17 mars 2019
Faisant partie du webdocumentaire Les murs du désordre proposé par Spira, organisme voué à la production du cinéma indépendant, Bonfires et 99 murs défient quasiment la parole en privilégiant l’image, le cadre, le plan. L’artiste multidisciplinaire Martin Bureau laisse témoigner ces limites filmiques selon une approche spontanée, grave, anti-cinématographique puisque parfois improvisée, suggérée : filmer la mise à feu d’une sorte de tour de Babel faite de morceaux de bois, toutes formes confondues, construite par des jeunes de la classe ouvrière issus de ce qui semble être un quartier défavorisé de Belfast; pour dénoncer justement les murs qui séparent les Protestants des Catholiques.
Aucun représentant de l’État, seul compte la voix du peuple. La parole transformée en gestes. Filmer devient alors un acte de résistance, pièce maîtresse des courts métrages choisis pour la (web)série. En français, Bonfires signifie feux de camp ou feux de joie. C’est dans cette perspective que le message est diffusé, cyniquement, sans commentaires (Belfast) comme si les mots et leur signification ne servaient plus à rien.
Les bâtisseurs intrépides de ce feu de bois sont jeunes et paraissent déjà adultes, dans leurs gestes, leurs comportements, leur enthousiasme presque clinique, froid, déterminé. De l’enfance, on passe directement à la prise de conscience politique que Bureau filme comme si de rien n’était. C’est du cinéma-réquisitoire, du cinéma-rentre-dedans, du cinéma-revendicateur. Le discours se transmet dans notre conscient collectif, d’où la nécessité d’un dialogue entre le filmé et le spectateur. Pour Bureau, la fiction n’est plus un choix. Elle appartient à un autre âge du cinéma, justement parce qu’elle invente et se permet de souvent refaire le monde, édulcorer la réalité ou même encore les réalités.
Filmer le moment, des instants précis, pris au hasard selon le lieu choisi. Et des cartons explicatifs qui nous rappellent notre responsabilité politico-civique ou tout du moins, nous pousse à la réflexion. Une pseudo-paix symbolisée par des murs qui n’ont pas changé les classes sociales dans cet endroit du monde. Et vers la fin, un plan à vol d’oiseau de la ville où les lumières du soir se confondent à des feux à deux ou trois endroits de la ville. Lieux de démarcation. Lieux d’injustice. Lieux d’inégalités.

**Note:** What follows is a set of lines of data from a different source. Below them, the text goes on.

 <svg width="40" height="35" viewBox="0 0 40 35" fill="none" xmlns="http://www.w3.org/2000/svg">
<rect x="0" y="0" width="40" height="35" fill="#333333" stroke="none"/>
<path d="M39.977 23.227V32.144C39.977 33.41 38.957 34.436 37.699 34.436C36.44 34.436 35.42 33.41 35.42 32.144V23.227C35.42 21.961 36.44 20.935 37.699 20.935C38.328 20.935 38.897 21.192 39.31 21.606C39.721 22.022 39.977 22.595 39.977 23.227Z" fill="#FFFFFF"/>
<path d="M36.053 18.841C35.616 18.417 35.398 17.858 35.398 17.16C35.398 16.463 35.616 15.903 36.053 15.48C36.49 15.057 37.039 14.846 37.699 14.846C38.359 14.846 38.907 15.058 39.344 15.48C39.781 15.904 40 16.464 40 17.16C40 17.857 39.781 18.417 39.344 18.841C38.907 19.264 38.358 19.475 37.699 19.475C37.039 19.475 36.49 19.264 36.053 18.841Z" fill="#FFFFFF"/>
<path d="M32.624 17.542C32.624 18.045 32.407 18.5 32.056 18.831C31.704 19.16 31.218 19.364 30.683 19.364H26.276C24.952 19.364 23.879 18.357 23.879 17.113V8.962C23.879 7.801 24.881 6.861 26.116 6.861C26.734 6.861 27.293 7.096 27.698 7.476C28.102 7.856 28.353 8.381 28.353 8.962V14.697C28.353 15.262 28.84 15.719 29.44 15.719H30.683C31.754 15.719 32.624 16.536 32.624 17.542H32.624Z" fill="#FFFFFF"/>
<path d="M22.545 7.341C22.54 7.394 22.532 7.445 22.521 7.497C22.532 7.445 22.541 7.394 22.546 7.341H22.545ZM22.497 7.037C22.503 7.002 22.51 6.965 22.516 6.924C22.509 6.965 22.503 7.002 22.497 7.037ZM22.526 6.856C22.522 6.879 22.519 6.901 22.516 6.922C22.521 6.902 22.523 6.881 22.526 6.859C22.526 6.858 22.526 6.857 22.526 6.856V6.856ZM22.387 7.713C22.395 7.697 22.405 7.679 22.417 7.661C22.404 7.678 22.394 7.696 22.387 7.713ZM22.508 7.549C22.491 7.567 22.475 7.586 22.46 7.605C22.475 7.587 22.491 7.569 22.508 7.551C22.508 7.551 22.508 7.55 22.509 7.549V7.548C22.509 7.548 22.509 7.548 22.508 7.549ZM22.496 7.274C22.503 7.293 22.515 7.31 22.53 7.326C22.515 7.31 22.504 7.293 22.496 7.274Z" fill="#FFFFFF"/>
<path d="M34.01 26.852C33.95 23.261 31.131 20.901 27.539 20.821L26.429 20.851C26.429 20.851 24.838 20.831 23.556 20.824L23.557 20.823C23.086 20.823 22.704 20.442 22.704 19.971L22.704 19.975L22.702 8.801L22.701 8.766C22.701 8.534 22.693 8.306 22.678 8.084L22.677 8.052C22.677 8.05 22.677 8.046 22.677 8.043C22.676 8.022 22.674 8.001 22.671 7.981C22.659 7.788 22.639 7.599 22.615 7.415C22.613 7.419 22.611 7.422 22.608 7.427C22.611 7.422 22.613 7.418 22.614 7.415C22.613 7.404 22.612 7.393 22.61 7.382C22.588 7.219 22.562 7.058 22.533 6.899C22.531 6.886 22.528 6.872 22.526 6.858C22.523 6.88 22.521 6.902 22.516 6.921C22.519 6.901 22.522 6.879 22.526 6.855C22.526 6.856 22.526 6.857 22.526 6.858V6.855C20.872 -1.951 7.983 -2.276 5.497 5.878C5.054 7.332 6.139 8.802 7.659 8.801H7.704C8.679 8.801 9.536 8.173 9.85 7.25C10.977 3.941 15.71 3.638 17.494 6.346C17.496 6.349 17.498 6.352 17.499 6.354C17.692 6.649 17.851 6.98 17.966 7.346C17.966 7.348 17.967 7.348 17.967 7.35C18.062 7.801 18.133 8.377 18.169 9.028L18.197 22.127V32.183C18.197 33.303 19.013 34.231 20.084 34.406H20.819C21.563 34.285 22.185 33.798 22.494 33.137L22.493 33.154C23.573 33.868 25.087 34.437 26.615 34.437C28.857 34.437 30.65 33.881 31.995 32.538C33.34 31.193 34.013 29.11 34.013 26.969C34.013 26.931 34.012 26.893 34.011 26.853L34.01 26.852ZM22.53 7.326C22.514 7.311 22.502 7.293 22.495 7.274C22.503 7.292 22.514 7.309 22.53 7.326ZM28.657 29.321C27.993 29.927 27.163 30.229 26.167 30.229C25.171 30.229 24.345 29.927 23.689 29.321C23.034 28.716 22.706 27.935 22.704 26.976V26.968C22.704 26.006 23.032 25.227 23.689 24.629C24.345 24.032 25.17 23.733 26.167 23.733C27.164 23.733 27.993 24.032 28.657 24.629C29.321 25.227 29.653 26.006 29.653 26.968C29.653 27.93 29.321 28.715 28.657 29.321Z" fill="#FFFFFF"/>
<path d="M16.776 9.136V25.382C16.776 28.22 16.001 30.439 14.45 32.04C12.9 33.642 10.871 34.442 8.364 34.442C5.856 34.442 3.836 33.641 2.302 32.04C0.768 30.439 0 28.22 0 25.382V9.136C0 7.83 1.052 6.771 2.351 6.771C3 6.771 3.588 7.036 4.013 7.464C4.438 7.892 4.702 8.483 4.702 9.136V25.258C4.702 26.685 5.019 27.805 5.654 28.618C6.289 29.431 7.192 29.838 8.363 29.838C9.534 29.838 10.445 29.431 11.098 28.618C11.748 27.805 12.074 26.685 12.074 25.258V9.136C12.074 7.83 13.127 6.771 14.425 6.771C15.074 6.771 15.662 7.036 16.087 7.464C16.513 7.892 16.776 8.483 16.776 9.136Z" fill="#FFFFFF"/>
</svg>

Pour Martin Bureau, un autre acte de courage comme depuis plus de vingt ans. Pour le changement, pour un meilleur partage, pour la justice et plus que tout, la paix. C’est aussi, une façon comme une autre de filmer la grandeur et la misère de l’utopie, notions qui se perdent dans la nuit des temps.
Dans le cas de 99 murs, la voix-off de Jonny Byrne, de l’Institut de recherche en sciences sociales, à l’Université d’Ulster, se montre précise sur la situation à Belfast. Aucune autre intervention. Sauf des bruits de toutes sortes et celui d’un hélicoptère, sonorités moins que rassurante qui témoignent d’une réalité.
Pour Martin Bureau, un autre acte de courage comme depuis plus de vingt ans. Pour le changement, pour un meilleur partage, pour la justice et plus que tout, la paix. C’est aussi, une façon comme une autre de filmer la grandeur et la misère de l’utopie, notions qui se perdent dans la nuit des temps. Dans les deux cas, on soulignera la conception sonore hallucinante d’Olivier Calvert et la bande-son hypnotique d’Érick d’Orion qui contribuent à transformer ces court sujets de six et cinq minutes respectivement en une expérience salutaire.
Les quatre autres courts métrages se penchent sur les murs entre les États-Unis et le Mexique et Israël et la Palestine. Qui a tort? Qui a raison?